This article focuses on covariance estimation for multi-study data. Popular approaches employ factor-analytic terms with shared and study-specific loadings that decompose the variance into (i) a shared low-rank component, (ii) study-specific low-rank components, and (iii) a diagonal term capturing idiosyncratic variability. Our proposed methodology estimates the latent factors via spectral decompositions, with a novel approach for separating shared and specific factors, and infers the factor loadings and residual variances via surrogate Bayesian regressions. The resulting posterior has a simple product form across outcomes, bypassing the need for Markov chain Monte Carlo sampling and facilitating parallelization. The proposed methodology has major advantages over current Bayesian competitors in terms of computational speed, scalability and stability while also having strong frequentist guarantees. The theory and methods also add to the rich literature on frequentist methods for factor models with shared and group-specific components of variation. The approximation error decreases as the sample size and the data dimension diverge, formalizing a blessing of dimensionality. We show favorable asymptotic properties, including central limit theorems for point estimators and posterior contraction, and excellent empirical performance in simulations. The methods are applied to integrate three studies on gene associations among immune cells.

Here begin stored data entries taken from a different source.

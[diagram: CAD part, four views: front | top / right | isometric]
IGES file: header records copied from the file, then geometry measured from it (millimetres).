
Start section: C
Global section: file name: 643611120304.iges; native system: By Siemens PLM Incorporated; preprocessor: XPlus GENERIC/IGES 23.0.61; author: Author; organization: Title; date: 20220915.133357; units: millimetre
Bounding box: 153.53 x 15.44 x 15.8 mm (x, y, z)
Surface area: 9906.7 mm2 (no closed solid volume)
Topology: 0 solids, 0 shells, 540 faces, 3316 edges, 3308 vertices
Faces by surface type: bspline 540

翻译：本文聚焦于多研究数据的协方差估计。主流方法采用具有共享载荷和研究特定载荷的因子分析项，将方差分解为：(i) 共享低秩分量，(ii) 研究特定低秩分量，以及 (iii) 捕捉特异变异性的对角项。我们提出的方法通过谱分解估计潜在因子，采用一种新颖的方法分离共享因子和特定因子，并通过替代贝叶斯回归推断因子载荷与残差方差。所得后验分布具有跨结果的简单乘积形式，绕过了马尔可夫链蒙特卡罗采样的需要，便于并行化。所提方法在计算速度、可扩展性和稳定性方面相较于现有贝叶斯竞争方法具有显著优势，同时具备强大的频率学派保证。该理论与方法也丰富了关于具有共享和组别特定变异分量的因子模型的频率学派方法文献。近似误差随样本量和数据维度的发散而减小，形式化地体现了“维度祝福”。我们展示了良好的渐近性质，包括点估计量的中心极限定理和后验收缩，以及在仿真中优异的实证性能。该方法被应用于整合三项关于免疫细胞间基因关联的研究。